This would produce a glitch-free image.

Following are the additional PIO setup code

static void elsm_init() {
    static uint udata_offset, ldata_offset;

    for (int i = 0; i < 4; i++) {
        pio_gpio_init(el_pio, UD0_PIN + i);
        pio_gpio_init(el_pio, LD0_PIN + i);
    }
    pio_gpio_init(el_pio, PIXCLK_PIN);
    pio_sm_set_consecutive_pindirs(el_pio, EL_UDATA_SM, UD0_PIN, 4, true);
    pio_sm_set_consecutive_pindirs(el_pio, EL_UDATA_SM, PIXCLK_PIN, 1, true);
    pio_sm_set_consecutive_pindirs(el_pio, EL_LDATA_SM, LD0_PIN, 4, true);

    udata_offset = pio_add_program(el_pio, &el_udata_program);
    ldata_offset = pio_add_program(el_pio, &el_ldata_program);

    int cycles_per_pclk = 2;
    float div = clock_get_hz(clk_sys) / (EL_TARGET_PIXCLK * cycles_per_pclk);

    pio_sm_config cu = el_udata_program_get_default_config(udata_offset);
    sm_config_set_sideset_pins(&cu, PIXCLK_PIN);
    sm_config_set_out_pins(&cu, UD0_PIN, 4);
    sm_config_set_fifo_join(&cu, PIO_FIFO_JOIN_TX);
    sm_config_set_out_shift(&cu, true, true, 32);
    sm_config_set_clkdiv(&cu, div);
    pio_sm_init(el_pio, EL_UDATA_SM, udata_offset, &cu);

    pio_sm_config cl = el_ldata_program_get_default_config(ldata_offset);
    sm_config_set_out_pins(&cl, LD0_PIN, 4);
    sm_config_set_fifo_join(&cl, PIO_FIFO_JOIN_TX);
    sm_config_set_out_shift(&cl, true, true, 32);
    sm_config_set_clkdiv(&cl, div);
    pio_sm_init(el_pio, EL_LDATA_SM, ldata_offset, &cl);
}

Using PIO + DMA to send data

In the previous example, though now the MCU could push out pixels at a much faster rate, it doesn't necessarily free up the CPU time. The core is still busy with writing data into the PIO and waits for it to finish. A better way is to use the DMA to do this.

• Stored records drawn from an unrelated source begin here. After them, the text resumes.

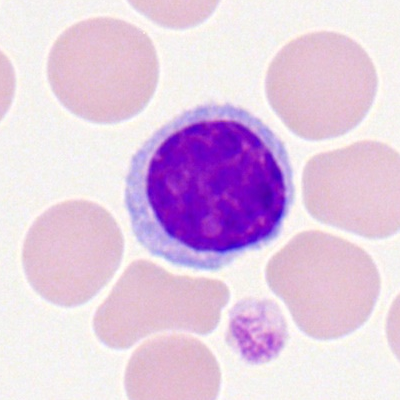Peripheral blood film, single cell — lymphocyte.
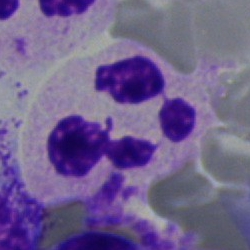
{"cell_type": "neutrophil (segmented)"}
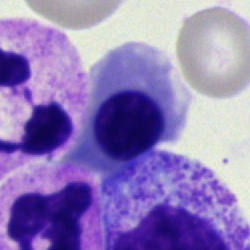Q: Which cell type is shown here?
A: Normoblast.
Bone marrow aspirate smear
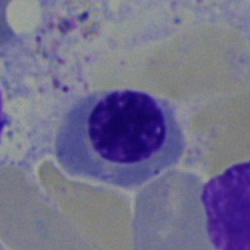
Impression → nucleated red cell.
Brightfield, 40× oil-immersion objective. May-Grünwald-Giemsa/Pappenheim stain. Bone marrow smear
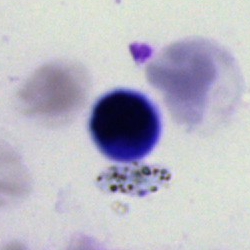Morphological class — lymphocyte.
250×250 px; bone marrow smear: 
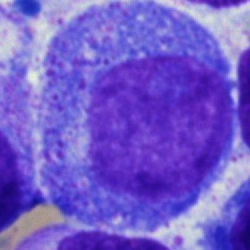
Cell type: promyelocyte.
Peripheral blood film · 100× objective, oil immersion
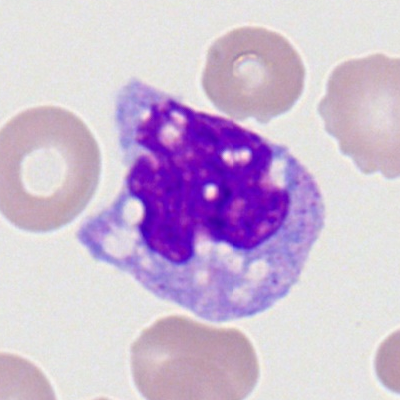
Impression → monocyte.
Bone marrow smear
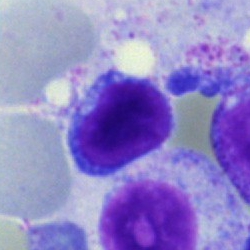Morphology consistent with a lymphocyte.
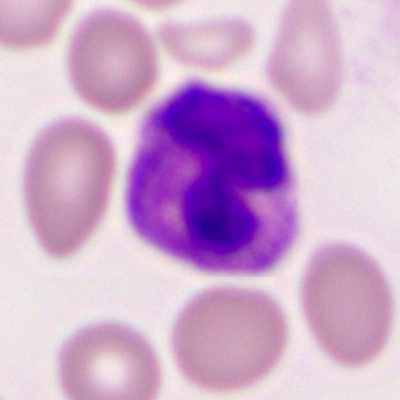 Cell type = segmented neutrophil.
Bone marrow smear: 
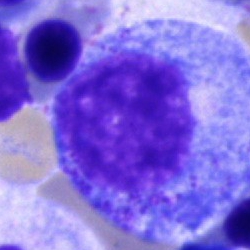Cell type — progranulocyte.
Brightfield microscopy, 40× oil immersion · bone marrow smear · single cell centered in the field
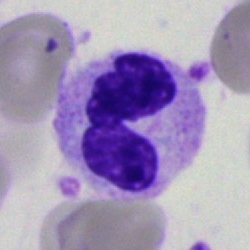 Q: Identify the cell.
A: This is a neutrophil (segmented).
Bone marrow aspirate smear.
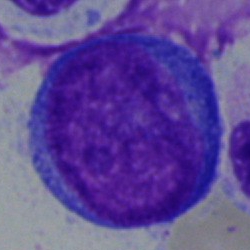
The cell type is undifferentiated blast.
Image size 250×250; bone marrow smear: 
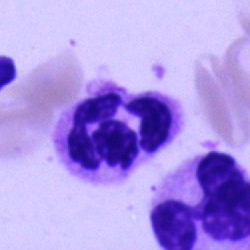
Classification = segmented neutrophil.
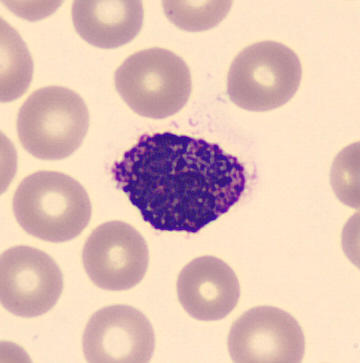Impression → basophil. Peripheral blood film.
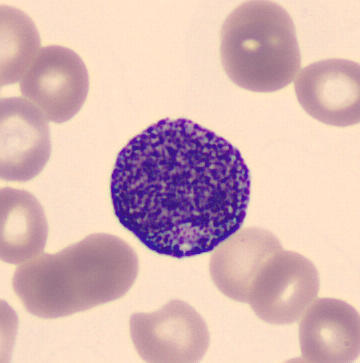Specimen: peripheral blood film.
Morphological class: promyelocyte.
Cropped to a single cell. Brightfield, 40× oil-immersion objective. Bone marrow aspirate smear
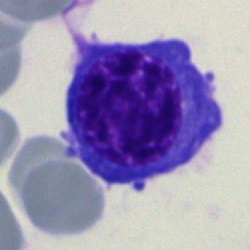Q: Identify the cell.
A: A nucleated red cell.
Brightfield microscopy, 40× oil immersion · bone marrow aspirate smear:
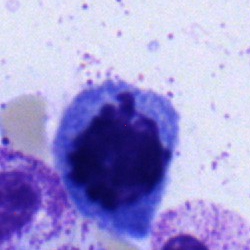 Q: What is shown here?
A: Nucleated red cell.
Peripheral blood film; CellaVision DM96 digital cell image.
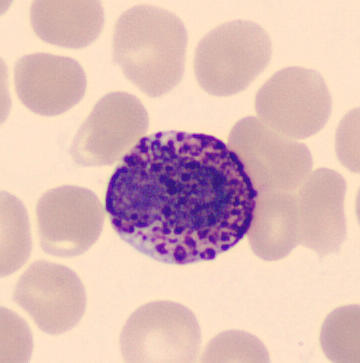Showing a basophilic granulocyte.
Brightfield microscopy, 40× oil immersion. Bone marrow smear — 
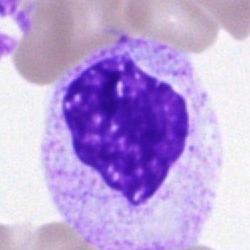 Specimen: bone marrow smear.
Cell type: myelocyte.
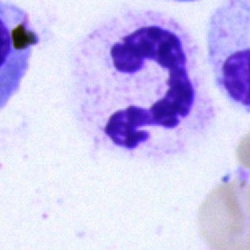

{"cell_type": "neutrophil (segmented)", "lineage": "myeloid"}
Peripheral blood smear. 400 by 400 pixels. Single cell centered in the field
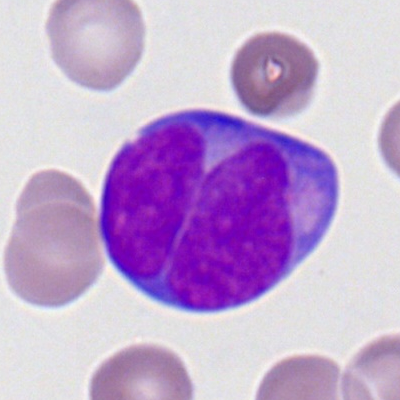This is a myeloid blast.
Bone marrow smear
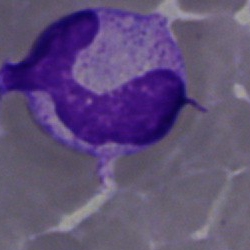
Specimen: bone marrow smear.
Cell: segmented neutrophil.
Lineage: myeloid.
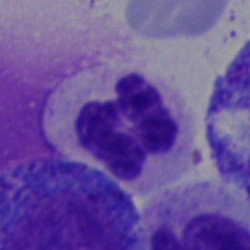

Q: Which cell type is shown here?
A: This is a segmented neutrophil.
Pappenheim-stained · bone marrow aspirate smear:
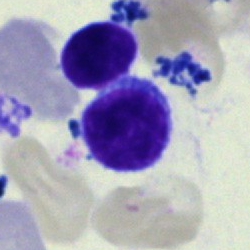
Cell type: typical lymphocyte.
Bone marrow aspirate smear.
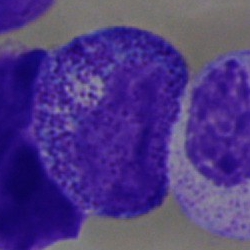
Morphology consistent with a myelocyte.
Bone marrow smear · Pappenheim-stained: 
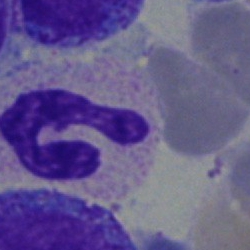

This is a polymorphonuclear neutrophil.
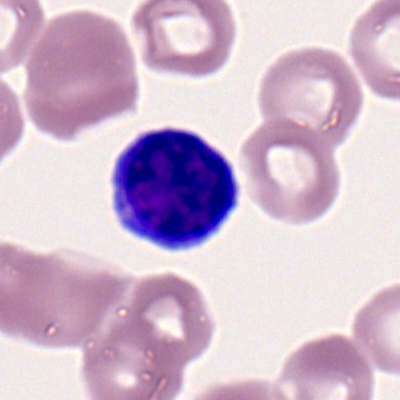
Cell type — typical lymphocyte.
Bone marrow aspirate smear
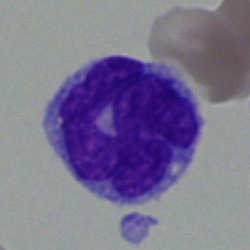Q: What is the morphological classification of this cell?
A: Monocyte.
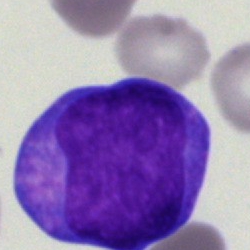
{"cell_type": "undifferentiated blast"}
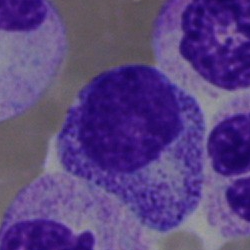

Q: What is shown here?
A: This is a myelocyte.
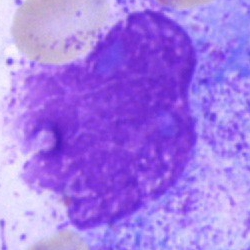

Artifact.
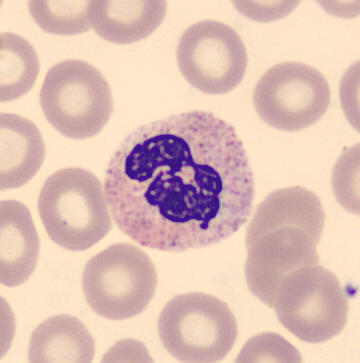 Acquisition: Automated cell imaging (CellaVision DM96) · peripheral blood film.

Morphological class — neutrophil (segmented).
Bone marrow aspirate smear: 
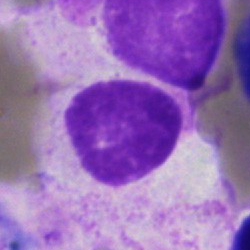Morphology — artifact.
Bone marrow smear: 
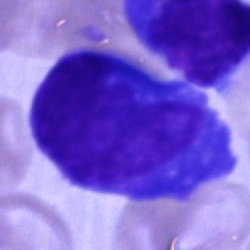Blast cell.
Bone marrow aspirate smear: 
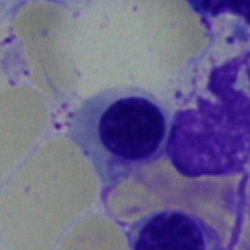
Impression → erythroblast.
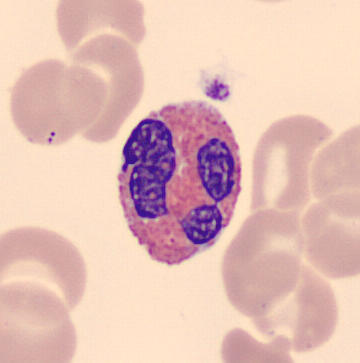
Q: What is the morphological classification of this cell?
A: An eosinophil.
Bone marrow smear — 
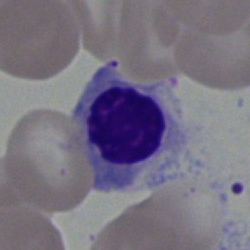 Erythroblast.
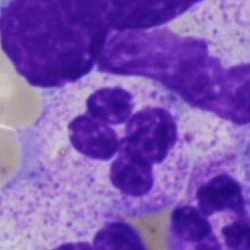A neutrophil (segmented) on a bone marrow smear.
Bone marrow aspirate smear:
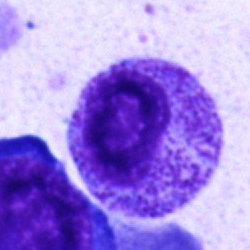
Impression → promyelocyte.
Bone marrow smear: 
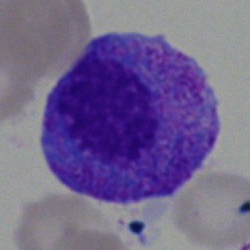

Cell type = progranulocyte.
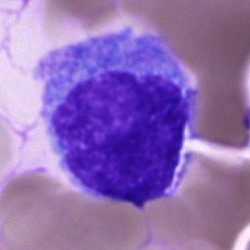
A monocyte.
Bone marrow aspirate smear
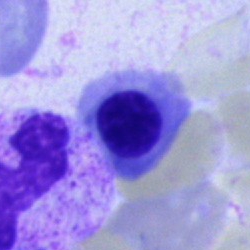

This is a nucleated red blood cell.
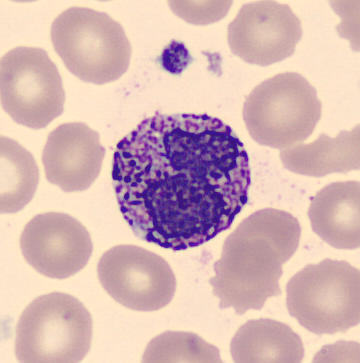
Peripheral blood smear showing a basophil.
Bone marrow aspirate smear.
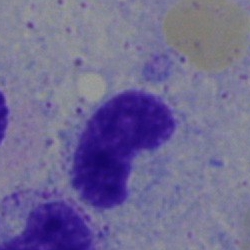Q: Identify the cell.
A: Band neutrophil.
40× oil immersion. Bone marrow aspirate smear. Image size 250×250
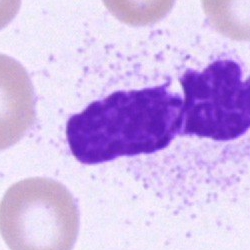
Artefact.
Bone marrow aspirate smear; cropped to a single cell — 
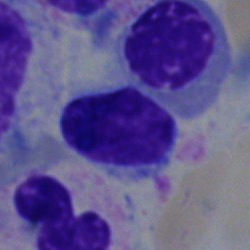
The morphological class is lymphocyte.
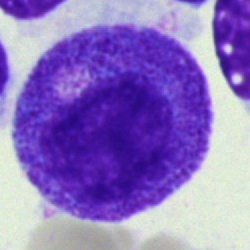

This is a progranulocyte.
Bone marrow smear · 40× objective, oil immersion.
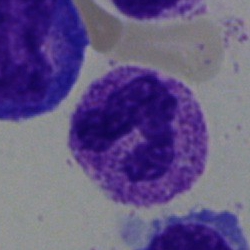 Morphology consistent with a polymorphonuclear neutrophil.
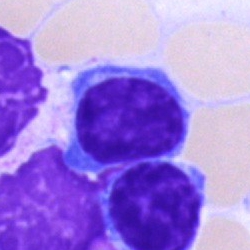This is a typical lymphocyte.
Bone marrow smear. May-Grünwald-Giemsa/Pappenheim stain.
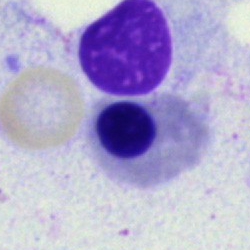
{"cell_type": "erythroblast", "lineage": "erythroid"}
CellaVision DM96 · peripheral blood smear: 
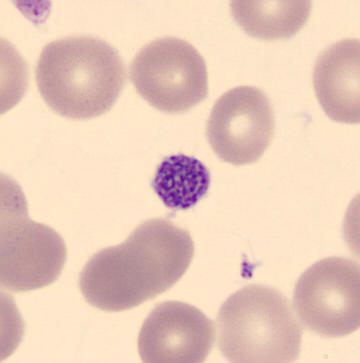 Classification: thrombocyte.
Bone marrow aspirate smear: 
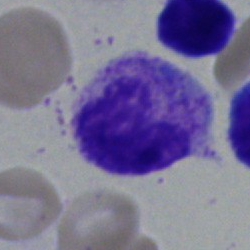Q: What type of cell is this?
A: This is a band-form neutrophil.
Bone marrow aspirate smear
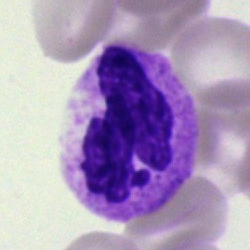
Q: What is shown here?
A: It is a segmented neutrophil.
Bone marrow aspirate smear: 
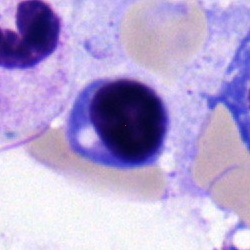Showing a plasmacyte.
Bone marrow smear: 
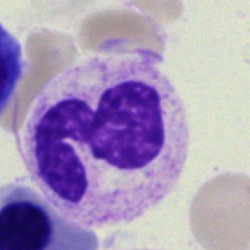Classification — neutrophil (segmented).
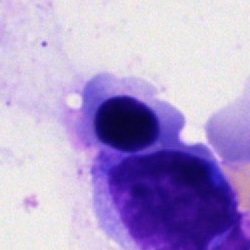 Bone marrow smear showing a nucleated red cell.
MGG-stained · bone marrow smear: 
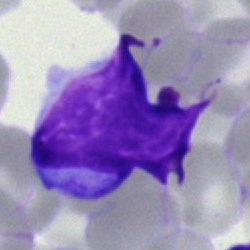
This is a lymphocyte.
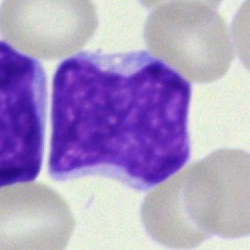 This is a blast.
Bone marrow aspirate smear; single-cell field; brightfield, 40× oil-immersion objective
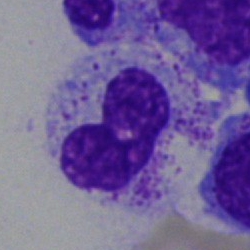The morphological class is stab cell.
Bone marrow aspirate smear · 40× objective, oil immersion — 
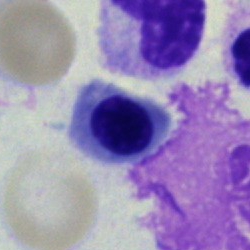 Showing a nucleated red blood cell.
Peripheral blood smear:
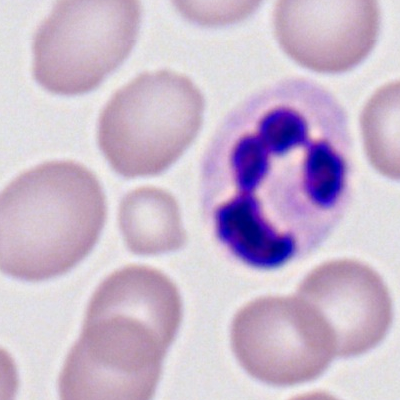
Cell: polymorphonuclear neutrophil.
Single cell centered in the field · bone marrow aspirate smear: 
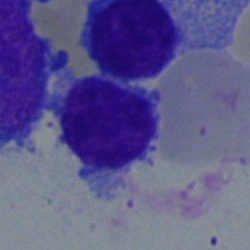Cell — typical lymphocyte.
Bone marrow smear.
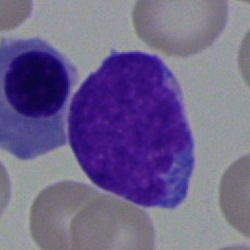 Classification: blast cell.
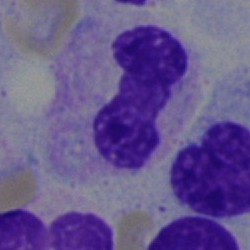 Specimen: bone marrow smear.
Cell: band-form neutrophil.
Lineage: myeloid.
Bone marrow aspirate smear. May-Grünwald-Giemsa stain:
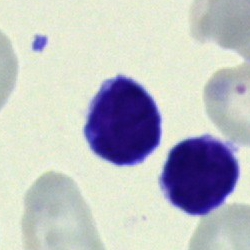 Q: What type of cell is this?
A: This is a typical lymphocyte.
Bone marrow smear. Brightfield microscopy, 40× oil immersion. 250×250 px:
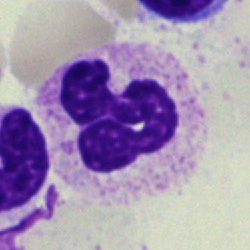
Impression → stab cell.
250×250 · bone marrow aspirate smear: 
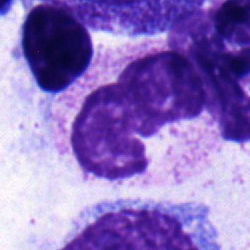

The cell shown is a band neutrophil.
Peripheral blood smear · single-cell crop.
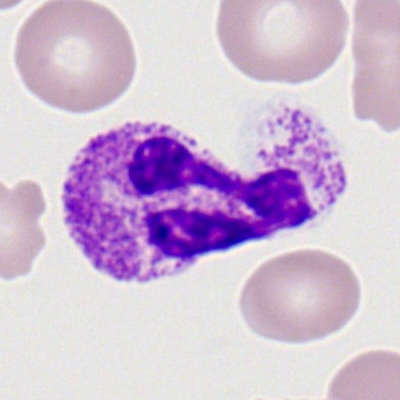
Morphology consistent with a segmented neutrophil.
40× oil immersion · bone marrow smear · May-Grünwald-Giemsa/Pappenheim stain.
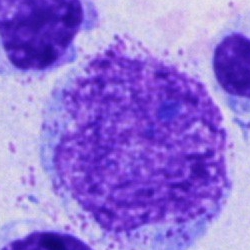 Morphology consistent with an artifact.
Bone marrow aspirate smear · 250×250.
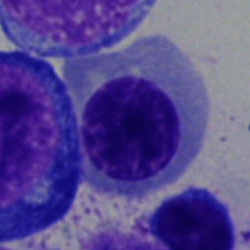Classification — erythroblast.
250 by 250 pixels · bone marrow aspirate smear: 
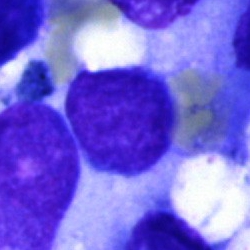
Classification — typical lymphocyte.
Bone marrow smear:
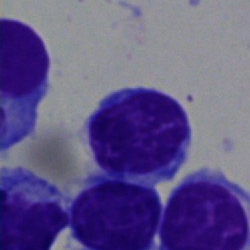Q: What cell is this?
A: A typical lymphocyte.
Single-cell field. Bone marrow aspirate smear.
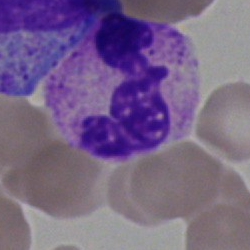

Q: What cell is this?
A: It is a neutrophil (segmented).
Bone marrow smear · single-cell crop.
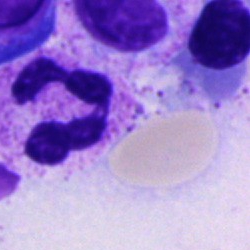 Cell type — segmented neutrophil.
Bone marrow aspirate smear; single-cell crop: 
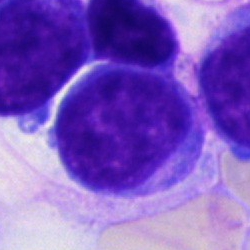

Cell type = blast cell.
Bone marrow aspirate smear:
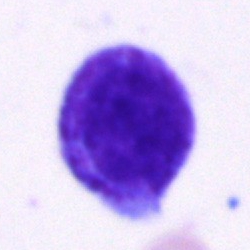 Morphology consistent with a promyelocyte.
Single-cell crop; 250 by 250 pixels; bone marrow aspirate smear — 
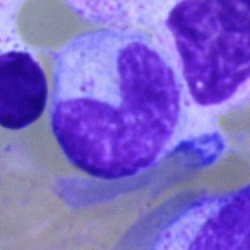
Morphology consistent with a neutrophil (band).
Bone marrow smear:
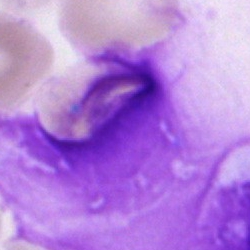

This is an artefact.
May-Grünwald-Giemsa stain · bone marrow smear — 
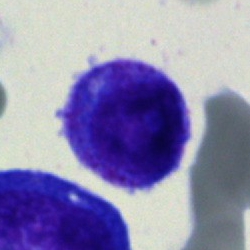 Specimen: bone marrow smear.
Cell type: myelocyte.
Lineage: myeloid.
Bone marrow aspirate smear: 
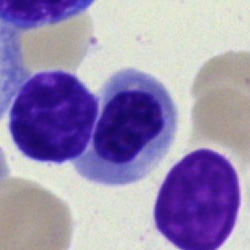
Morphological class = nucleated red blood cell.
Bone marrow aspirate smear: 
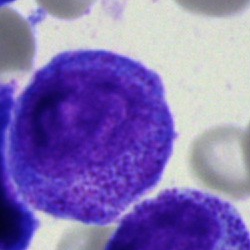Specimen: bone marrow smear.
Cell type: promyelocyte.
Lineage: myeloid.
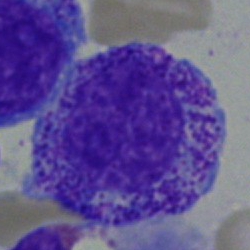{"cell_type": "myelocyte", "lineage": "myeloid"}
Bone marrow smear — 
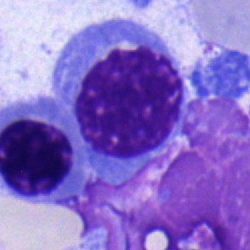 Morphological class = nucleated red cell.
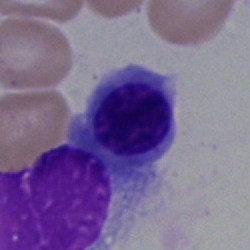 Specimen: bone marrow smear.
Cell type: nucleated red blood cell.
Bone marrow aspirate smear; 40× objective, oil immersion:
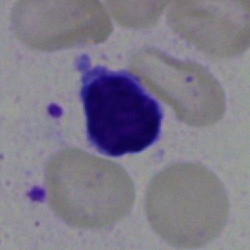
Cell: lymphocyte.
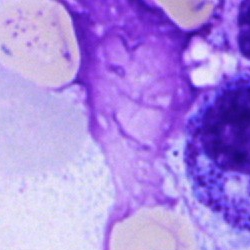 Classification = artefact.
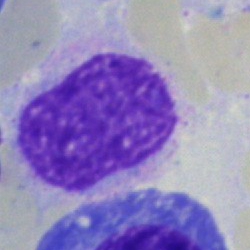 Cell type — artefact.
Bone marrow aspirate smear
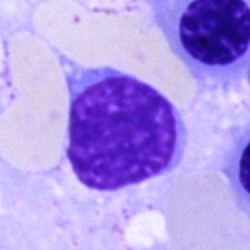Typical lymphocyte.
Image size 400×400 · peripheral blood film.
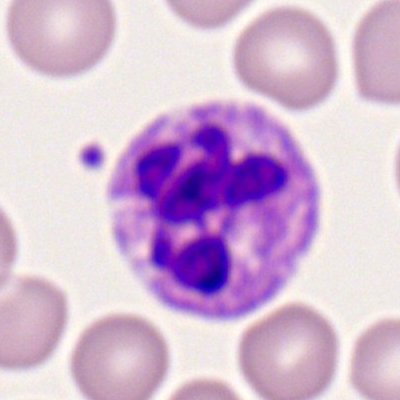

A segmented neutrophil.
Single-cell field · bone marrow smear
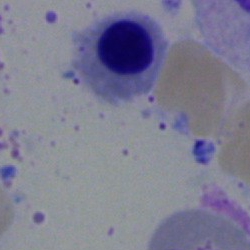
This is a nucleated red cell.
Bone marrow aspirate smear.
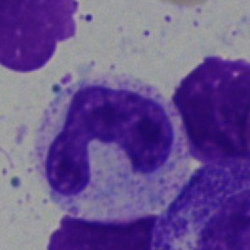Q: Which cell type is shown here?
A: Polymorphonuclear neutrophil.

To just first test the idea of using DMA, use the blocking mode transfer first, so it would be a drop-in replacement of the current copy loop. Use the following code to setup 2 DMA channels that would be used:

static void el_dma_init() {
    el_udma_chan = dma_claim_unused_channel(true);
    dma_channel_config cu = dma_channel_get_default_config(el_udma_chan);
    channel_config_set_transfer_data_size(&cu, DMA_SIZE_32);
    channel_config_set_read_increment(&cu, true);
    channel_config_set_write_increment(&cu, false);
    channel_config_set_dreq(&cu, DREQ_PIO0_TX0 + EL_UDATA_SM);

    dma_channel_configure(el_udma_chan, &cu, &el_pio->txf[EL_UDATA_SM], NULL, SCR_STRIDE / 4, false);

    el_ldma_chan = dma_claim_unused_channel(true);
    dma_channel_config cl = dma_channel_get_default_config(el_ldma_chan);
    channel_config_set_transfer_data_size(&cl, DMA_SIZE_32);
    channel_config_set_read_increment(&cl, true);
    channel_config_set_write_increment(&cl, false);
    channel_config_set_dreq(&cl, DREQ_PIO0_TX0 + EL_LDATA_SM);

    dma_channel_configure(el_ldma_chan, &cl, &el_pio->txf[EL_LDATA_SM], NULL, SCR_STRIDE / 4, false);
}

Then the copy loop in the frame() function could be replaced with DMA function calls:

static void frame(void) {
    uint32_t *rdptr_ud = (uint32_t *)framebuf;
    uint32_t *rdptr_ld = (uint32_t *)(framebuf + SCR_STRIDE * SCR_HEIGHT / 2);
    dma_channel_set_read_addr(el_udma_chan, rdptr_ud, false);
    dma_channel_set_read_addr(el_ldma_chan, rdptr_ld, false);

    for (int y = 0; y < SCR_HEIGHT / 2; y++) {
        pio_sm_set_enabled(el_pio, EL_UDATA_SM, false);
        pio_sm_set_enabled(el_pio, EL_LDATA_SM, false);
        // Setup DMA
        dma_channel_start(el_udma_chan);
        dma_channel_start(el_ldma_chan);
        // start SM
        pio_enable_sm_mask_in_sync(el_pio, (1u << EL_UDATA_SM) | (1u << EL_LDATA_SM));
        // Increment addr
        // Wait for finish
        dma_channel_wait_for_finish_blocking(el_udma_chan);
        dma_channel_wait_for_finish_blocking(el_ldma_chan);
        // Wait for SM to finish
        elsm_wait();
        gpio_put(HSYNC_PIN, 1);
        gpio_put(VSYNC_PIN, (y == 0) ? 1 : 0);
        delay(15);
        gpio_put(HSYNC_PIN, 0);
        delay(5);
        gpio_put(VSYNC_PIN, 0);
    }
}

Now the CPU is no longer copying the data, it is being done by the DMA. However the CPU is not freed up yet: it is still always waiting for the DMA to finish, and the main loop is still a while(1) frame(). Nothing else could be done other than waiting for the DMA.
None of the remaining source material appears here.